Точка бифуркации. Повесть
Дни напролет
В одиночестве на холме
В маске глупца он сидит, как будто во сне.
Кто он, не знают, однако считают его глупцом,
А он не проронит ни слова.
Проходят века,
И дурак на горе
Вселенскую круговерть
Созерцает всегда свысока.
Там он стоит
Среди облаков
С сердцем, растерзанным тысячей слов;
О чем? – люди даже знать не хотят.
А он только рад.
Он? Дурак на горе!
Он, прищурив глаза,
Сквозь вечерний закат
Миру смеется в лицо.
Дни напролет
В одиночестве на холме
В маске глупца он сидит, как будто во сне.
И к людям не спустится, а тем и не до него.
В лице его нет перемен –
Он дурак на горе.
Он, прищурив глаза,
Сквозь восход и закат
Миру смеется в лицо.
Дни напролет
В одиночестве на холме
В маске глупца он сидит, как будто во сне.
И там, наверху, он смотрит и видит внизу глупцов,
А этого те не прощают.
И значит, вечен, пока
Солнце прячется в ночь
И вертится мир,
Дурак на горе.
О господи! Да ведь это о нем! И мне становится понятным в Максиме то, что надежно спрятано от других за его ядовитым сарказмом, – вселенское одиночество и отчаянная смелость человека, созданного быть не таким, как все. В эту минуту мне хочется заслонить его от всего мира и сказать что‑то очень, очень важное, о том, что больше он не один, что мое сердце бьется рядом и отзывается на каждый стук его сердца и что так будет всегда. Но стоит мне оторвать глаза от листка и посмотреть на него, как я понимаю, что слова не нужны: он чувствует и хочет сказать мне то же самое.
Значит, теперь мы сидим на горе вдвоем…
⠀⠀⠀⠀⠀⠀⠀⠀⠀⠀⠀⠀⠀⠀⠀⠀х х х
А ведь я впервые увидела Максима именно здесь – в научке… После мучительной абитуры, тяжелых экзаменов, хлопотного зачисления на первый курс наступила краткая и веселая пора общежитских вечеринок, где наша новоиспеченная группа запойно и дружно праздновала поступление в один из старейших вузов Сибири: именно в этот год Томскому университету исполнилось сто лет! Половину группы составили томичи, которые охотно зависали с нами в общежитии. В итоге все перетусовались и пришли на первое занятие дружной командой первокурсников. Но Максим никогда не появлялся на наших вечеринках, и поэтому мы не были знакомы до того самого дня, когда я впервые переступила порог библиотеки. В тот день я заказала увесистую стопку книг согласно огромным спискам литературы для обязательного прочтения (эти списки сразу же стали для меня настоящим кошмаром) и погрузилась в чтение с головой, отключившись от всего происходящего.
Очнулась я оттого, что кто‑то взял с моего стола раскрытую книгу. Я подняла голову и увидела роковую женщину нашей группы – громкоголосую, пышногрудую, знойную брюнетку Сашку (по совместительству мою соседку по комнате) и незнакомого молодого человека, который внимательно изучал последнюю страницу обложки. При этом они бегло обменивались фразами на английском. Позже я узнала, что многие студенты, окончившие языковые спецшколы, частенько болтали между собой «на языке», просто так, для практики. Но в тот момент это озадачило меня настолько, что я молча и достаточно неприветливо уставилась на непрошеных гостей. Я не понимала ни слова, но чувствовала, что их разговор касается меня.
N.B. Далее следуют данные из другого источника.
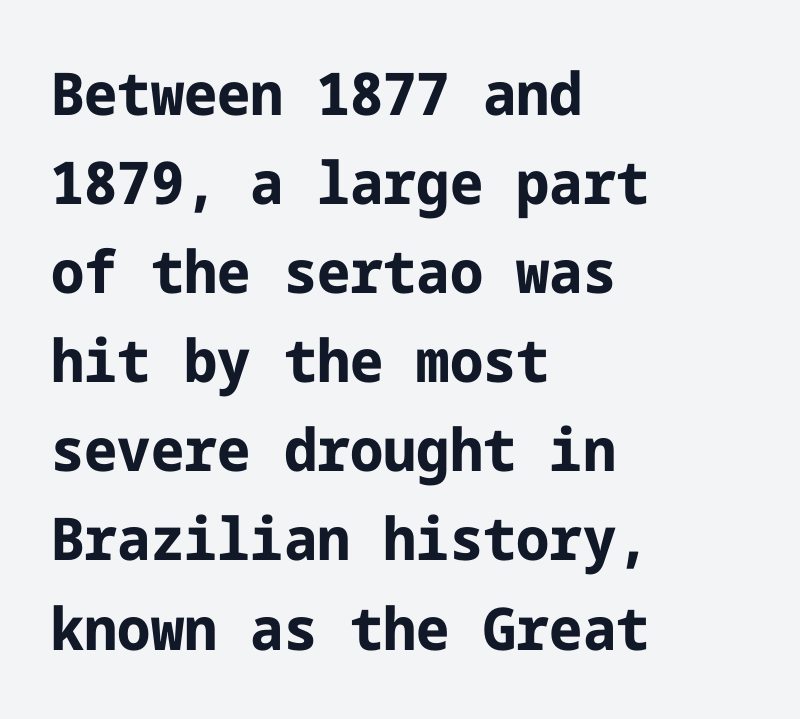
Q: Is the text bold? A: Yes.
Q: Is the text italic (slanted)? A: No, it is upright.
Q: Is the typeface a serif or a sans-serif typeface? A: Sans-serif.
Q: Is the text underlined? A: No.
Q: How is the paragraph aligned? A: Left-aligned.
Q: Is the spacing between letters normal or unusually wide? A: Normal.
Q: Is the spacing between lines tight, normal or loose? A: Normal.
Q: Width (condensed, normal, or wide)? A: Normal.
Q: Stroke contrast? A: Low.
Q: x-height? A: Medium.
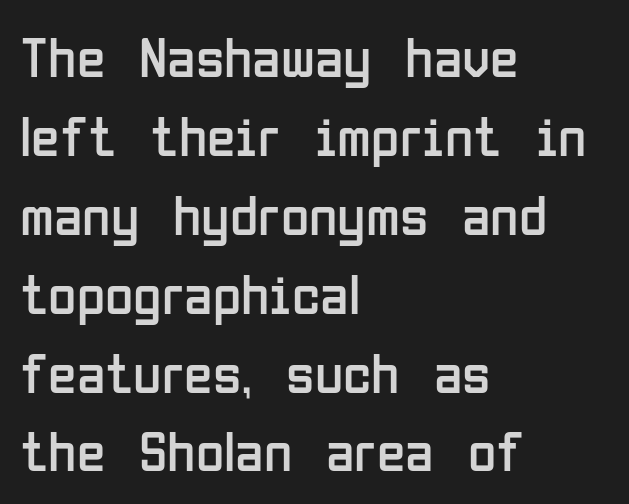
{"serif": "no", "italic": "no", "bold": "no", "weight": "regular", "width": "condensed", "stroke_contrast": "low", "x_height": "medium", "monospaced": "no", "underline": "no", "align": "left", "line_spacing": "normal", "line_spacing_ratio": 1.36, "letter_spacing": "normal", "letter_spacing_em": 0.0, "glyph_px": 58}
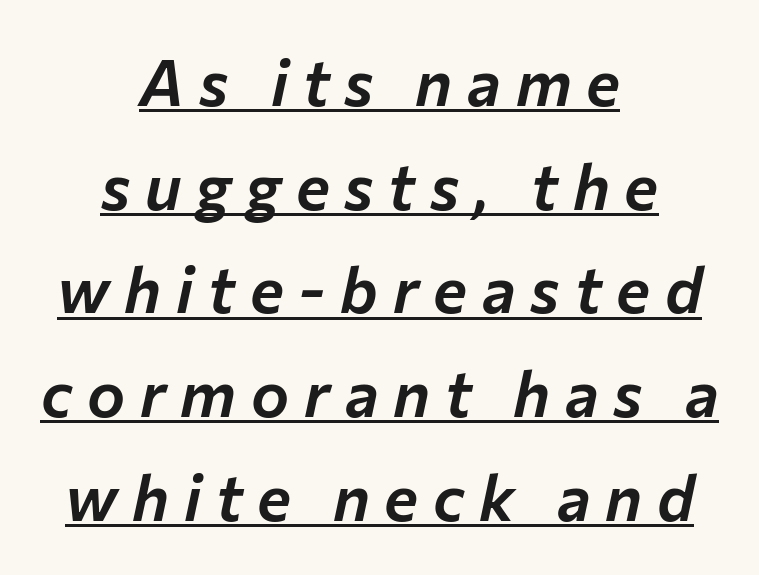
{"italic": "yes", "lean": "right", "slant_degrees": 12, "width": "normal", "stroke_contrast": "low", "x_height": "medium", "monospaced": "no", "underline": "yes", "align": "center", "line_spacing": "normal", "line_spacing_ratio": 1.62, "letter_spacing": "wide", "letter_spacing_em": 0.23, "glyph_px": 64}
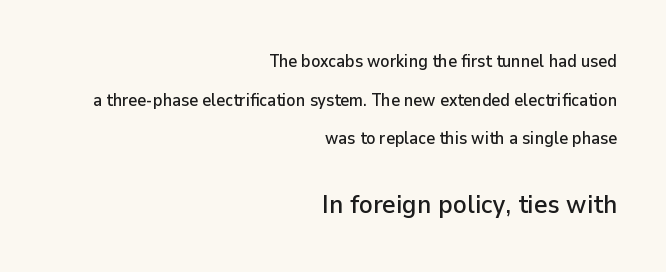
The image shows 26 px text type, upright; set right-aligned, loose line spacing (2.27x), normal letter spacing, not underlined; the second (bottom) block is 1.53x larger.
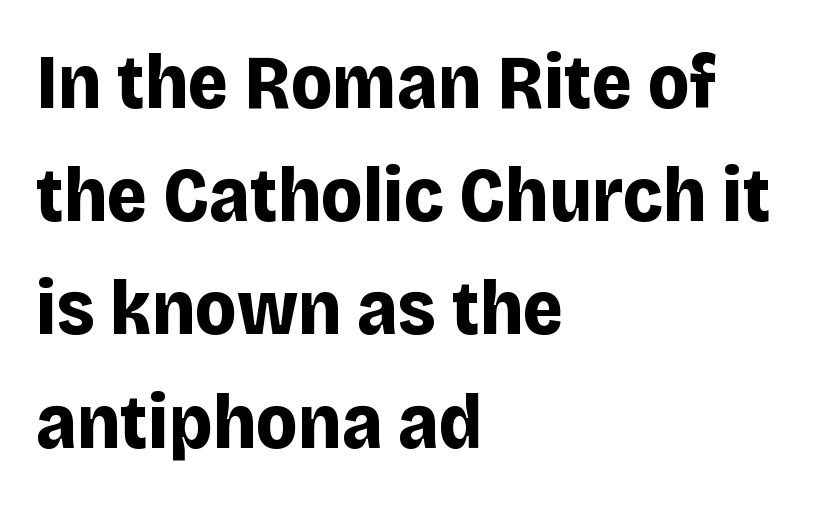
Q: Is the text bold? A: Yes.
Q: Is the text italic (slanted)? A: No, it is upright.
Q: Is the typeface a serif or a sans-serif typeface? A: Sans-serif.
Q: Is the text underlined? A: No.
Q: How is the paragraph aligned? A: Left-aligned.
Q: Is the spacing between letters normal or unusually wide? A: Normal.
Q: Is the spacing between lines tight, normal or loose? A: Normal.
Q: Width (condensed, normal, or wide)? A: Normal.
Q: Stroke contrast? A: Low.
Q: x-height? A: Large.
Q: Monospaced? A: No.
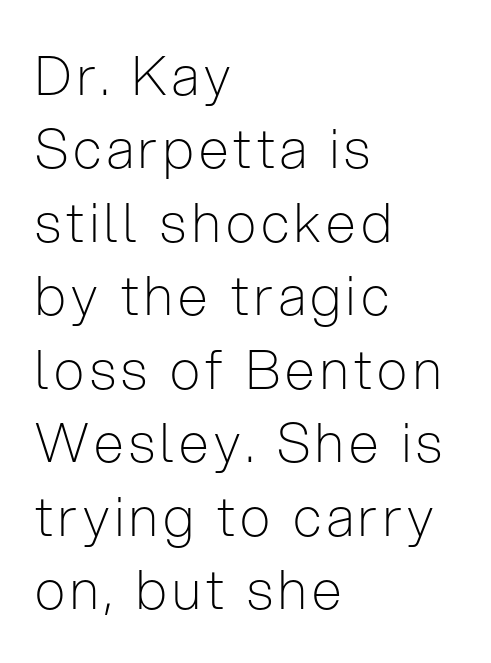
{"serif": "no", "italic": "no", "bold": "no", "weight": "light", "width": "condensed", "stroke_contrast": "low", "x_height": "medium", "monospaced": "no", "underline": "no", "align": "left", "line_spacing": "normal", "line_spacing_ratio": 1.36, "glyph_px": 54}
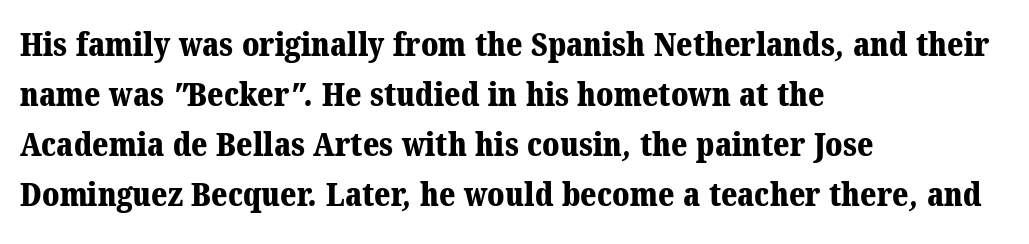
Q: Is the text bold? A: Yes.
Q: Is the typeface a serif or a sans-serif typeface? A: Serif.
Q: Is the text underlined? A: No.
Q: How is the paragraph aligned? A: Left-aligned.
Q: Is the spacing between letters normal or unusually wide? A: Normal.
Q: Is the spacing between lines tight, normal or loose? A: Normal.
Q: Width (condensed, normal, or wide)? A: Normal.
Q: Stroke contrast? A: Medium.
Q: x-height? A: Medium.
Q: Monospaced? A: No.
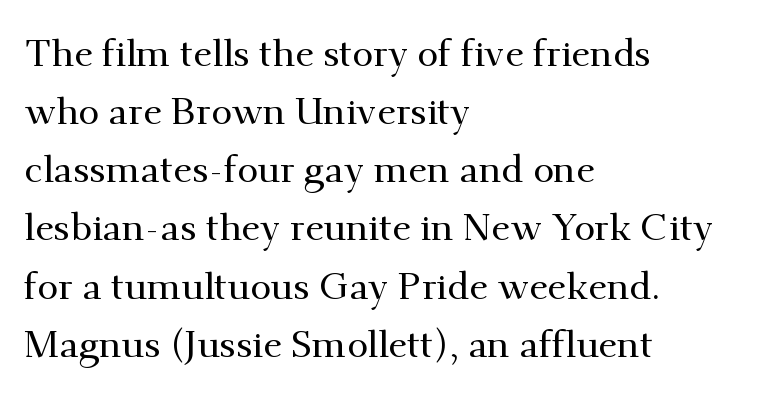
Character widths vary here, with narrow letters taking less room than wide ones. The specimen reads as upright at a glance. The type family on display is of the serif kind. The gap between lines stays unmarked. One glance says typical: line gaps are just what's usual.
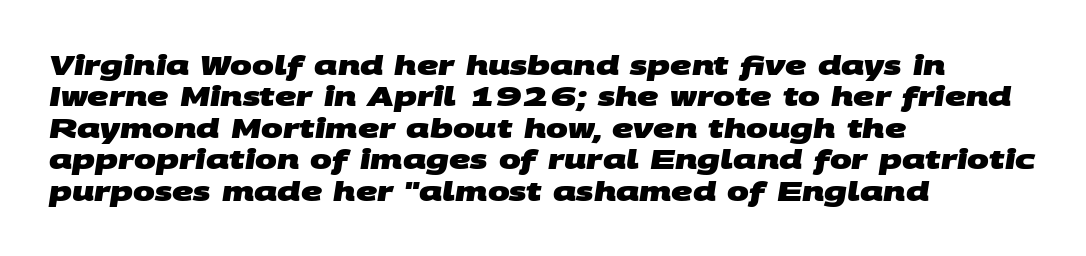
The glyphs are unaccompanied by any horizontal stroke below them. Weight check: bold — yes, fully. Glyph-to-glyph distance matches everyday printed text. Teacher's note: observe the even left margin — that is flush-left alignment.
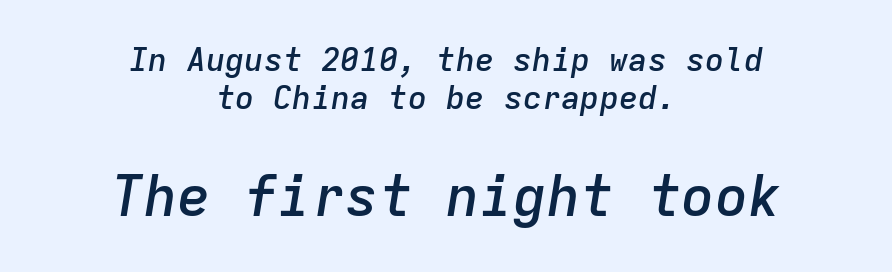
The line texture is even and compact thanks to regular tracking. Observe the lean: these are italic letterforms. Do the characters align in a grid? Yes, the font is monospaced. Any mark beneath the type? The region is blank. A semibold gives these letters moderate extra thickness, short of bold. This layout puts the modest block above and the oversized block below.
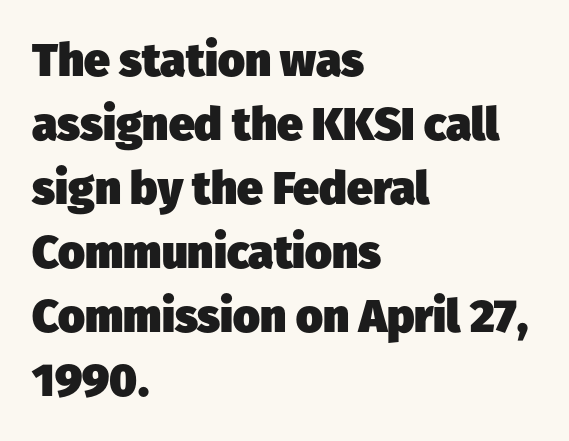
Q: Is the text bold? A: Yes.
Q: Is the typeface a serif or a sans-serif typeface? A: Sans-serif.
Q: Is the text underlined? A: No.
Q: How is the paragraph aligned? A: Left-aligned.
Q: Is the spacing between letters normal or unusually wide? A: Normal.
Q: Is the spacing between lines tight, normal or loose? A: Normal.
Q: Width (condensed, normal, or wide)? A: Normal.
Q: Stroke contrast? A: Low.
Q: x-height? A: Medium.
Q: Monospaced? A: No.
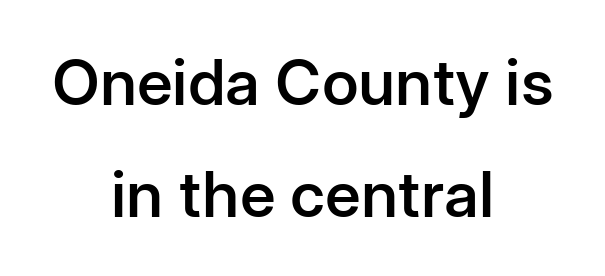
Characters follow at the spacing the type designer built in. This sample has the flowing, uneven cadence of proportional lettering. Type without underlining. Set as a demibold, roughly 600 on the weight scale. Look at the bottom of the vertical strokes: they stop flat, with no serifs.
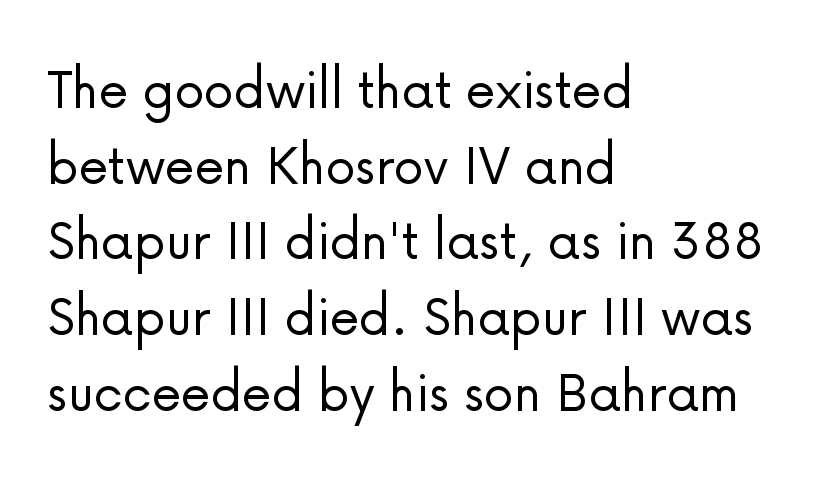
Q: Is the text bold? A: No.
Q: Is the text italic (slanted)? A: No, it is upright.
Q: Is the typeface a serif or a sans-serif typeface? A: Sans-serif.
Q: Is the text underlined? A: No.
Q: How is the paragraph aligned? A: Left-aligned.
Q: Is the spacing between letters normal or unusually wide? A: Normal.
Q: Width (condensed, normal, or wide)? A: Normal.
Q: Stroke contrast? A: Low.
Q: x-height? A: Medium.
Q: Monospaced? A: No.

– Александра, ты, разумеется, знаешь, кто эта девушка?
– И ты бы знал, если бы хоть иногда на лекции ходил, – наша одногруппница.
– Она читает «Мастера и Маргариту»… И так увлеченно – неужели впервые?
– А ты думаешь, они это в своей деревне по литературе проходили?!
– Тогда я ей искренне завидую. Откуда она?
– Тебе лучше не знать… Такие дыры на карте не значатся.
– Какие необычные глаза! И она уже начинает сердиться. Похоже, я сейчас получу за свою бесцеремонность.
– Похоже, кое‑кто западает на провинциалок.
– Осмелюсь заметить, в них нет фальши. В отличие от других.
Рассерженно фыркнув, Сашка уже собралась нанести ответный удар, но ее окликнули ребята за соседним столом. Она отвернулась от своего собеседника так резко, что подол ее длинной юбки завихрился вокруг ног, и мгновенно переметнулась к компании соседей. Все произошло так стремительно, что я едва успела подхватить попавшие в воздушную воронку листы со списками. Однако ее спутник не уходил. Мы молча смотрели друг на друга.